SOURCE RECORDS Block Start

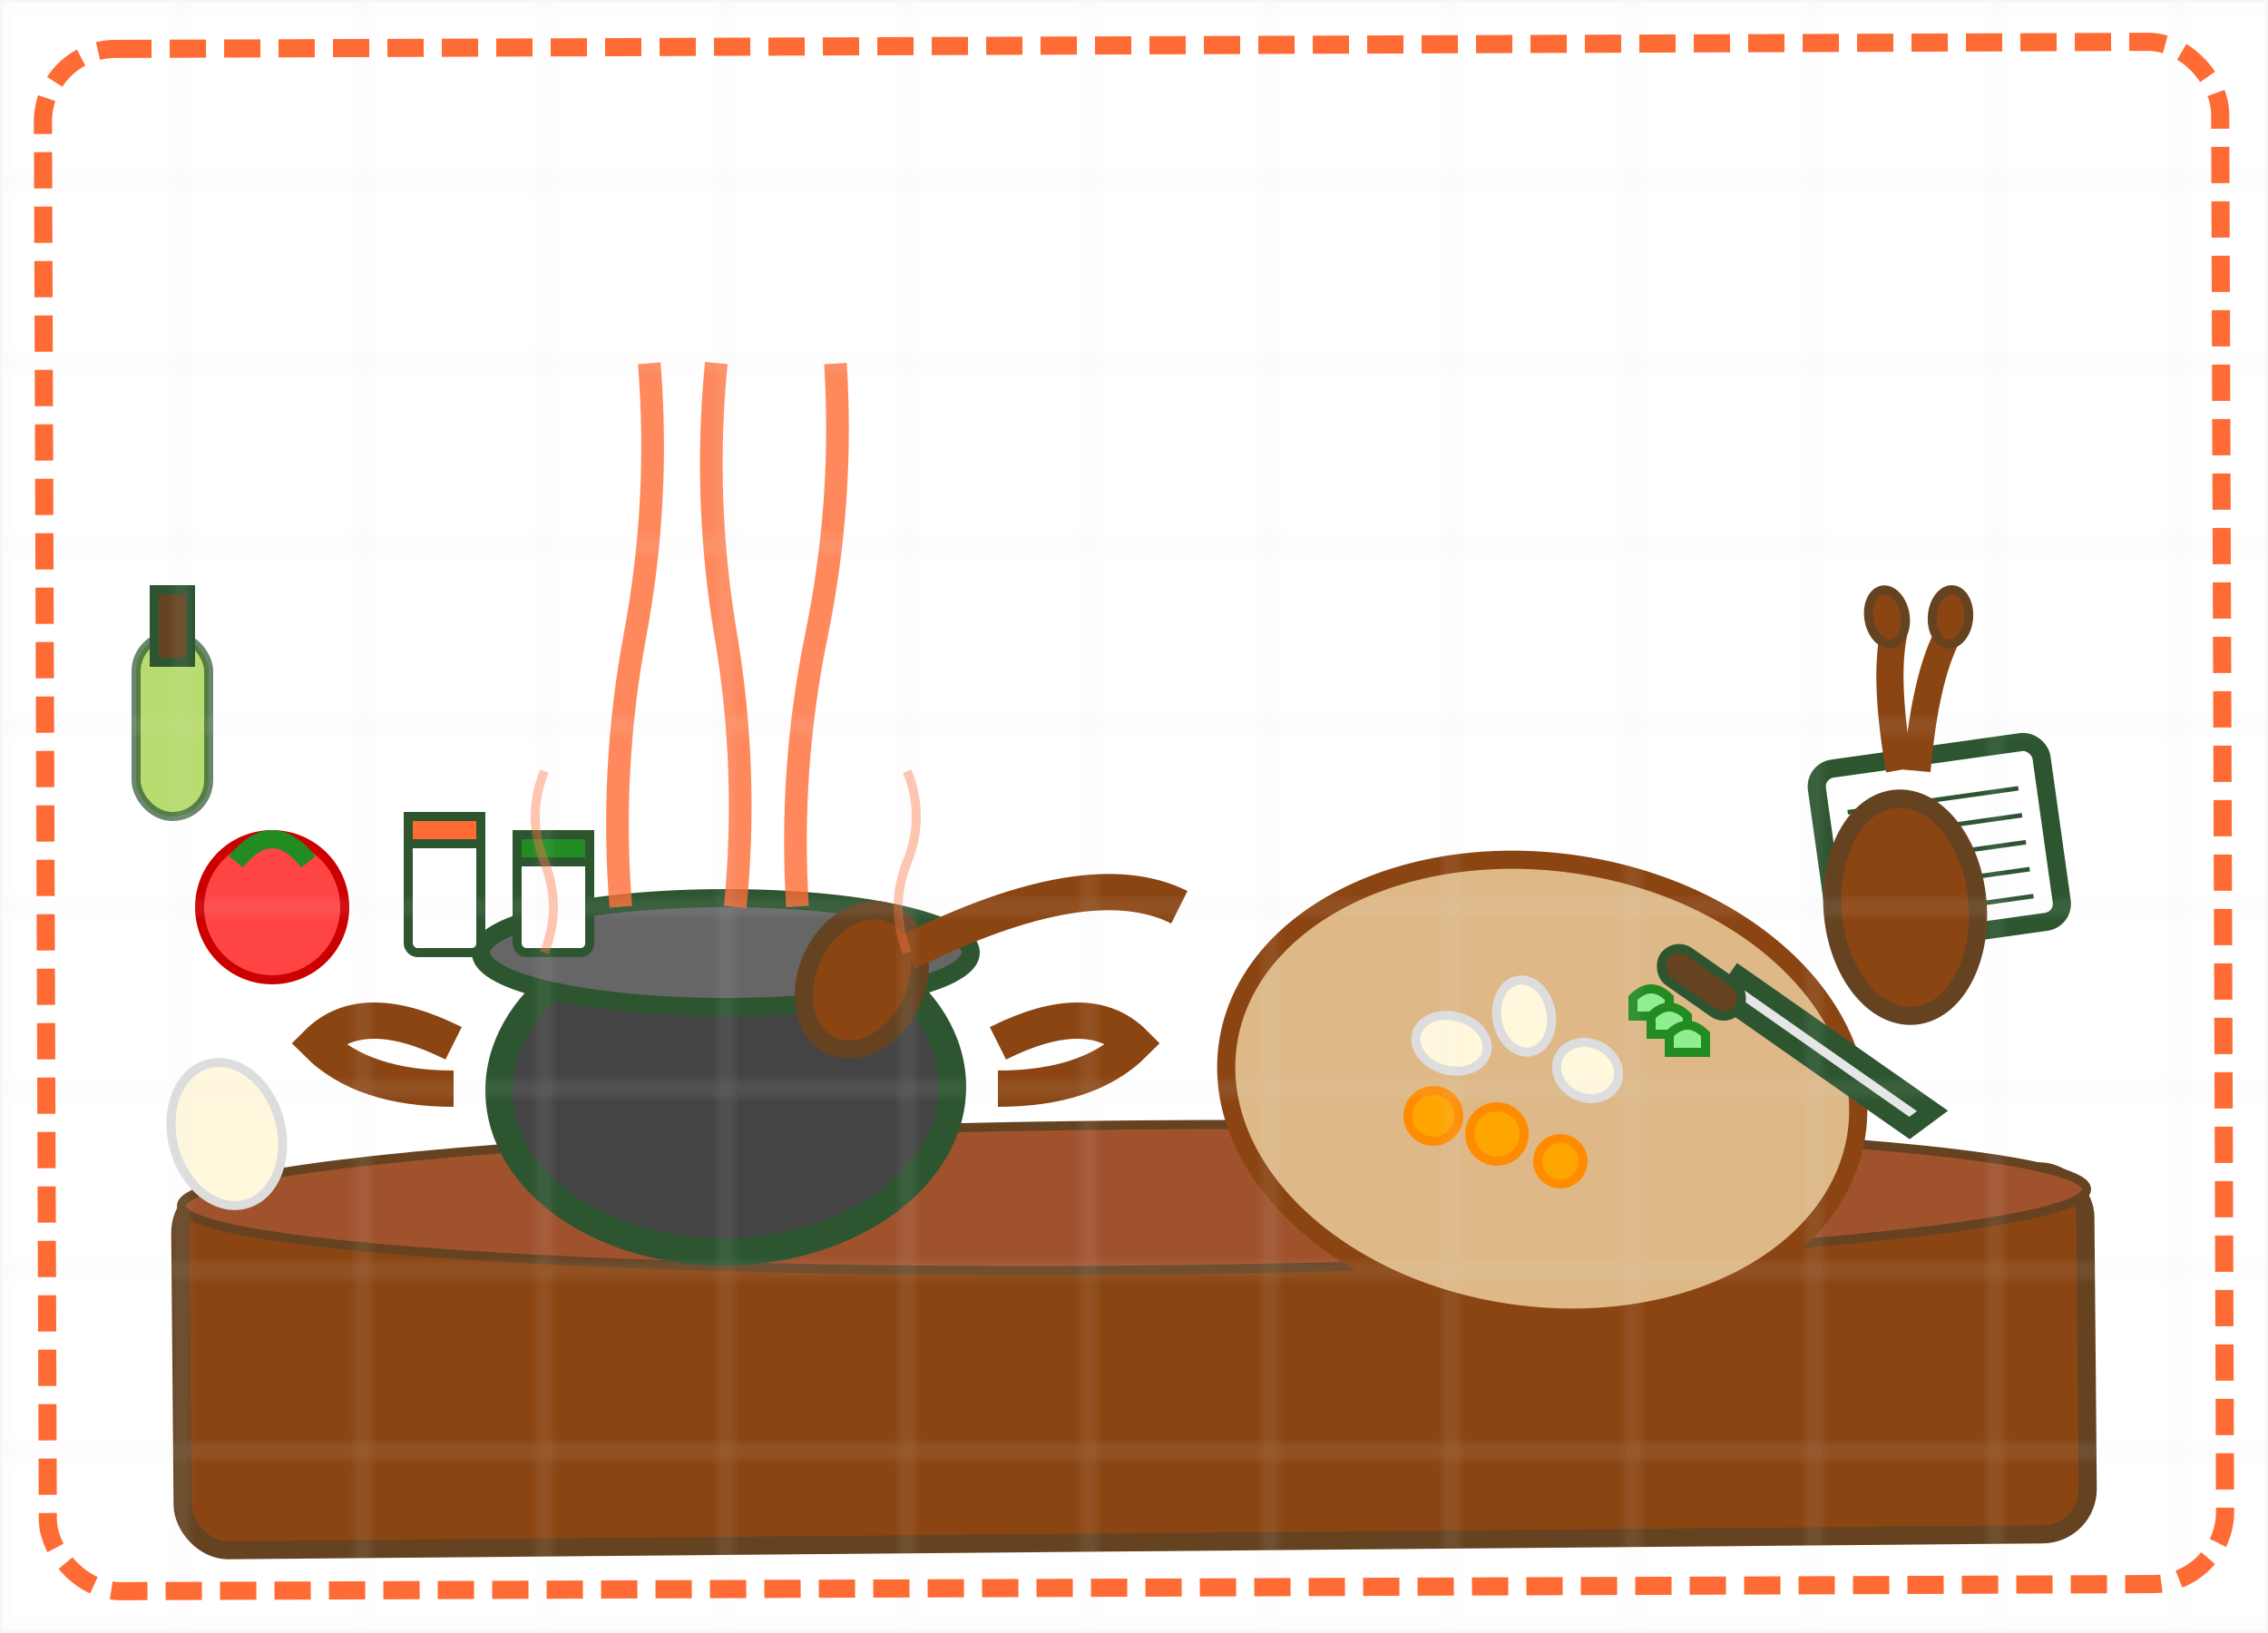 <svg xmlns="http://www.w3.org/2000/svg" viewBox="0 0 250 180" style="background: none;">
  <!-- Hand-drawn style cooking scene for blog -->
  
  <!-- Kitchen counter -->
  <rect x="20" y="130" width="210" height="40" 
        fill="#8b4513" 
        stroke="#654321" 
        stroke-width="2"
        rx="5"
        transform="rotate(-0.5 125 150)"/>
  
  <!-- Counter edge -->
  <ellipse cx="125" cy="132" rx="105" ry="8" 
           fill="#a0522d" 
           stroke="#654321" 
           stroke-width="1"
           transform="rotate(-0.5 125 132)"/>
  
  <!-- Large cooking pot -->
  <ellipse cx="80" cy="120" rx="25" ry="18" 
           fill="#444" 
           stroke="#2c5530" 
           stroke-width="3"
           transform="rotate(-1 80 120)"/>
  
  <!-- Pot rim -->
  <ellipse cx="80" cy="105" rx="27" ry="6" 
           fill="#666" 
           stroke="#2c5530" 
           stroke-width="2"/>
  
  <!-- Pot handles -->
  <path d="M50 115 Q40 110 35 115 Q40 120 50 120" 
        fill="none" 
        stroke="#8b4513" 
        stroke-width="4"/>
  <path d="M110 115 Q120 110 125 115 Q120 120 110 120" 
        fill="none" 
        stroke="#8b4513" 
        stroke-width="4"/>
  
  <!-- Steam from pot -->
  <g stroke="#ff6b35" stroke-width="2.5" fill="none" opacity="0.8">
    <path d="M70 100 Q68 85 70 70 Q72 55 70 40" transform="rotate(3 70 70)"/>
    <path d="M80 100 Q82 85 80 70 Q78 55 80 40" transform="rotate(-2 80 70)"/>
    <path d="M90 100 Q88 85 90 70 Q92 55 90 40" transform="rotate(4 90 70)"/>
  </g>
  
  <!-- Ladle in pot -->
  <ellipse cx="95" cy="108" rx="6" ry="8" 
           fill="#8b4513" 
           stroke="#654321" 
           stroke-width="2"
           transform="rotate(25 95 108)"/>
  <path d="M100 105 Q120 95 130 100" 
        stroke="#8b4513" 
        stroke-width="4"
        fill="none"/>
  
  <!-- Cutting board -->
  <ellipse cx="170" cy="120" rx="35" ry="25" 
           fill="#deb887" 
           stroke="#8b4513" 
           stroke-width="2"
           transform="rotate(8 170 120)"/>
  
  <!-- Chopped vegetables on board -->
  <!-- Onion pieces -->
  <g fill="#fff8dc" stroke="#ddd" stroke-width="1">
    <ellipse cx="160" cy="115" rx="4" ry="3" transform="rotate(15 160 115)"/>
    <ellipse cx="168" cy="112" rx="3" ry="4" transform="rotate(-10 168 112)"/>
    <ellipse cx="175" cy="118" rx="3.5" ry="3" transform="rotate(25 175 118)"/>
  </g>
  
  <!-- Carrot pieces -->
  <g fill="#ffa500" stroke="#ff8c00" stroke-width="1">
    <circle cx="165" cy="125" r="3"/>
    <circle cx="172" cy="128" r="2.5"/>
    <circle cx="158" cy="123" r="2.8"/>
  </g>
  
  <!-- Herbs -->
  <g stroke="#228b22" stroke-width="1" fill="#90ee90">
    <path d="M180 110 Q182 108 184 110 L184 112 L180 112 Z"/>
    <path d="M182 112 Q184 110 186 112 L186 114 L182 114 Z"/>
    <path d="M184 114 Q186 112 188 114 L188 116 L184 116 Z"/>
  </g>
  
  <!-- Knife -->
  <g transform="translate(190, 110) rotate(35)">
    <!-- Blade -->
    <path d="M0 0 L25 0 L26 -3 L0 -3 Z" 
          fill="#e6e6e6" 
          stroke="#2c5530" 
          stroke-width="2"/>
    <!-- Handle -->
    <rect x="-8" y="-2" width="10" height="4" 
          fill="#654321" 
          stroke="#2c5530" 
          stroke-width="1"
          rx="2"/>
  </g>
  
  <!-- Spice jars -->
  <g transform="translate(45, 90)">
    <!-- Jar 1 -->
    <rect x="0" y="0" width="8" height="15" 
          fill="white" 
          stroke="#2c5530" 
          stroke-width="1"
          rx="1"/>
    <rect x="0" y="0" width="8" height="3" 
          fill="#ff6b35" 
          stroke="#2c5530" 
          stroke-width="1"/>
    
    <!-- Jar 2 -->
    <rect x="12" y="2" width="8" height="13" 
          fill="white" 
          stroke="#2c5530" 
          stroke-width="1"
          rx="1"/>
    <rect x="12" y="2" width="8" height="3" 
          fill="#228b22" 
          stroke="#2c5530" 
          stroke-width="1"/>
  </g>
  
  <!-- Recipe book -->
  <g transform="translate(200, 85) rotate(-8)">
    <rect x="0" y="0" width="25" height="20" 
          fill="white" 
          stroke="#2c5530" 
          stroke-width="2"
          rx="2"/>
    <g stroke="#2c5530" stroke-width="0.5">
      <line x1="3" y1="5" x2="22" y2="5"/>
      <line x1="3" y1="8" x2="22" y2="8"/>
      <line x1="3" y1="11" x2="22" y2="11"/>
      <line x1="3" y1="14" x2="22" y2="14"/>
      <line x1="3" y1="17" x2="22" y2="17"/>
    </g>
  </g>
  
  <!-- Wooden spoons holder -->
  <ellipse cx="210" cy="100" rx="8" ry="12" 
           fill="#8b4513" 
           stroke="#654321" 
           stroke-width="2"
           transform="rotate(-5 210 100)"/>
  
  <!-- Wooden spoons -->
  <g stroke="#8b4513" stroke-width="3" fill="none">
    <path d="M208 85 Q208 75 210 70" transform="rotate(-10 208 77)"/>
    <path d="M212 85 Q212 75 214 70" transform="rotate(5 212 77)"/>
  </g>
  
  <!-- Spoon heads -->
  <ellipse cx="208" cy="68" rx="2" ry="3" 
           fill="#8b4513" 
           stroke="#654321" 
           stroke-width="1"
           transform="rotate(-10 208 68)"/>
  <ellipse cx="215" cy="68" rx="2" ry="3" 
           fill="#8b4513" 
           stroke="#654321" 
           stroke-width="1"
           transform="rotate(5 215 68)"/>
  
  <!-- Background ingredients -->
  <!-- Tomatoes -->
  <circle cx="30" cy="100" r="8" 
          fill="#ff4444" 
          stroke="#cc0000" 
          stroke-width="1"/>
  <path d="M26 95 Q30 90 34 95" 
        stroke="#228b22" 
        stroke-width="2" 
        fill="none"/>
  
  <!-- Garlic -->
  <ellipse cx="25" cy="125" rx="6" ry="8" 
           fill="#fff8dc" 
           stroke="#ddd" 
           stroke-width="1"
           transform="rotate(-15 25 125)"/>
  
  <!-- Oil bottle -->
  <g transform="translate(15, 60)">
    <rect x="0" y="10" width="8" height="20" 
          fill="#9acd32" 
          stroke="#2c5530" 
          stroke-width="1"
          rx="4"
          opacity="0.7"/>
    <rect x="2" y="5" width="4" height="8" 
          fill="#654321" 
          stroke="#2c5530" 
          stroke-width="1"/>
  </g>
  
  <!-- Flour dust in air -->
  <g fill="white" opacity="0.6">
    <circle cx="140" cy="80" r="3"/>
    <circle cx="145" cy="75" r="2"/>
    <circle cx="135" cy="85" r="2.5"/>
    <circle cx="150" cy="82" r="2"/>
    <circle cx="138" cy="78" r="1.5"/>
  </g>
  
  <!-- Heat waves from pot -->
  <g stroke="#ff6b35" stroke-width="1" fill="none" opacity="0.4">
    <path d="M60 105 Q62 100 60 95 Q58 90 60 85"/>
    <path d="M100 105 Q98 100 100 95 Q102 90 100 85"/>
  </g>
  
  <!-- Kitchen tiles background -->
  <g stroke="#e0e0e0" stroke-width="0.5" opacity="0.3">
    <defs>
      <pattern id="tiles" x="0" y="0" width="20" height="20" patternUnits="userSpaceOnUse">
        <rect width="20" height="20" fill="none" stroke="#e0e0e0"/>
      </pattern>
    </defs>
    <rect x="0" y="0" width="250" height="180" fill="url(#tiles)"/>
  </g>
  
  <!-- Hand-drawn border -->
  <rect x="5" y="5" width="240" height="170" 
        fill="none" 
        stroke="#ff6b35" 
        stroke-width="2"
        rx="8"
        stroke-dasharray="4,2"
        transform="rotate(-0.2 125 90)"/>
</svg>

SOURCE RECORDS Block End

-- EXERCISE GOAL --
Give back, unchanged, the line that holds "95 Q30 90 34" along with all lines after it through the last line above.

-- ANSWER TO THIS TASK --
  <path d="M26 95 Q30 90 34 95" 
        stroke="#228b22" 
        stroke-width="2" 
        fill="none"/>
  
  <!-- Garlic -->
  <ellipse cx="25" cy="125" rx="6" ry="8" 
           fill="#fff8dc" 
           stroke="#ddd" 
           stroke-width="1"
           transform="rotate(-15 25 125)"/>
  
  <!-- Oil bottle -->
  <g transform="translate(15, 60)">
    <rect x="0" y="10" width="8" height="20" 
          fill="#9acd32" 
          stroke="#2c5530" 
          stroke-width="1"
          rx="4"
          opacity="0.7"/>
    <rect x="2" y="5" width="4" height="8" 
          fill="#654321" 
          stroke="#2c5530" 
          stroke-width="1"/>
  </g>
  
  <!-- Flour dust in air -->
  <g fill="white" opacity="0.6">
    <circle cx="140" cy="80" r="3"/>
    <circle cx="145" cy="75" r="2"/>
    <circle cx="135" cy="85" r="2.5"/>
    <circle cx="150" cy="82" r="2"/>
    <circle cx="138" cy="78" r="1.5"/>
  </g>
  
  <!-- Heat waves from pot -->
  <g stroke="#ff6b35" stroke-width="1" fill="none" opacity="0.4">
    <path d="M60 105 Q62 100 60 95 Q58 90 60 85"/>
    <path d="M100 105 Q98 100 100 95 Q102 90 100 85"/>
  </g>
  
  <!-- Kitchen tiles background -->
  <g stroke="#e0e0e0" stroke-width="0.5" opacity="0.3">
    <defs>
      <pattern id="tiles" x="0" y="0" width="20" height="20" patternUnits="userSpaceOnUse">
        <rect width="20" height="20" fill="none" stroke="#e0e0e0"/>
      </pattern>
    </defs>
    <rect x="0" y="0" width="250" height="180" fill="url(#tiles)"/>
  </g>
  
  <!-- Hand-drawn border -->
  <rect x="5" y="5" width="240" height="170" 
        fill="none" 
        stroke="#ff6b35" 
        stroke-width="2"
        rx="8"
        stroke-dasharray="4,2"
        transform="rotate(-0.2 125 90)"/>
</svg>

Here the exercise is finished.